WHAT TO DO: This exercise calls for the data below to be retyped exactly, minus any images.

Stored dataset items
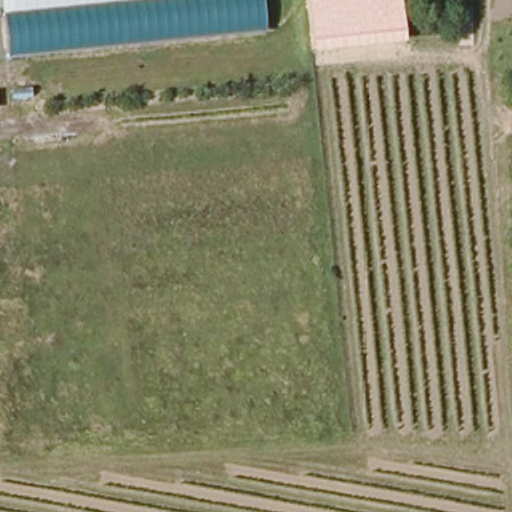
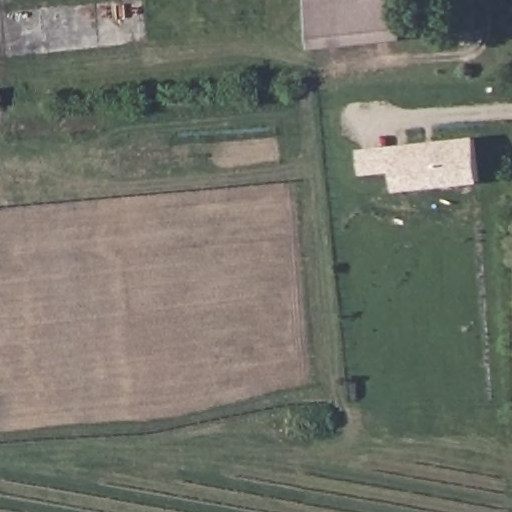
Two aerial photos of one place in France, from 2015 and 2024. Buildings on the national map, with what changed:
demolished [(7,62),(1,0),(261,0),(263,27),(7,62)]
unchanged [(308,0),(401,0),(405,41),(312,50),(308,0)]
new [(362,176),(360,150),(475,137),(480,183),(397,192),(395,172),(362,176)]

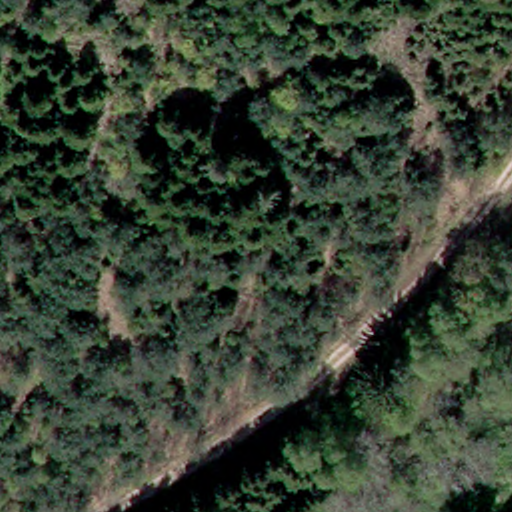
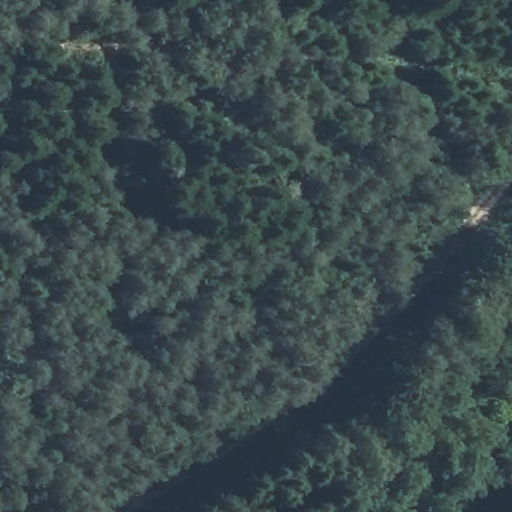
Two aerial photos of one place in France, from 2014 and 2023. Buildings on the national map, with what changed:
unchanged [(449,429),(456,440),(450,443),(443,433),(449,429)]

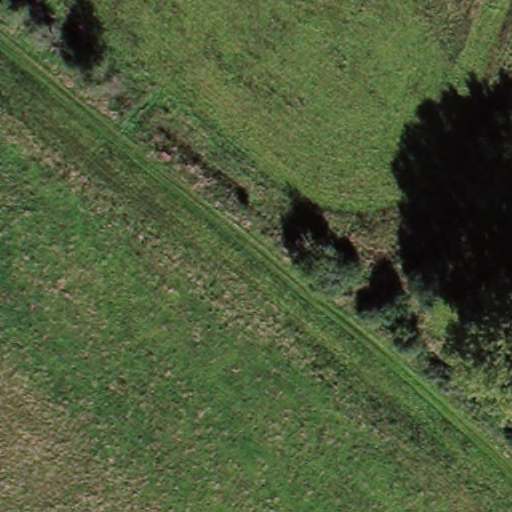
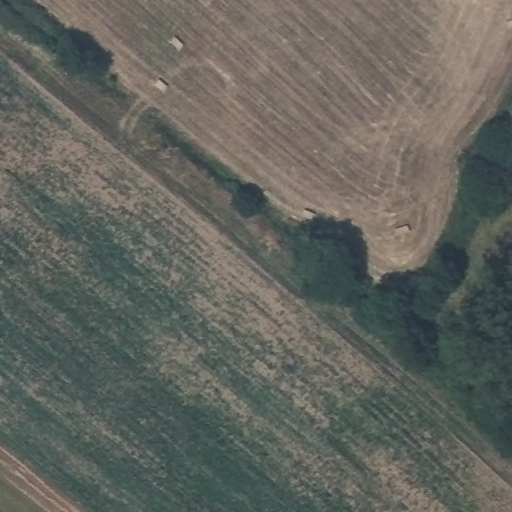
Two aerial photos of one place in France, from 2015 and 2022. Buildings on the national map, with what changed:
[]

RESULT OF THIS TASK:
Two aerial photos of one place in France, from 2015 and 2024. Buildings on the national map, with what changed:
demolished [(7,62),(1,0),(261,0),(263,27),(7,62)]
unchanged [(308,0),(401,0),(405,41),(312,50),(308,0)]
new [(362,176),(360,150),(475,137),(480,183),(397,192),(395,172),(362,176)]

Two aerial photos of one place in France, from 2014 and 2023. Buildings on the national map, with what changed:
unchanged [(449,429),(456,440),(450,443),(443,433),(449,429)]

Two aerial photos of one place in France, from 2015 and 2022. Buildings on the national map, with what changed:
[]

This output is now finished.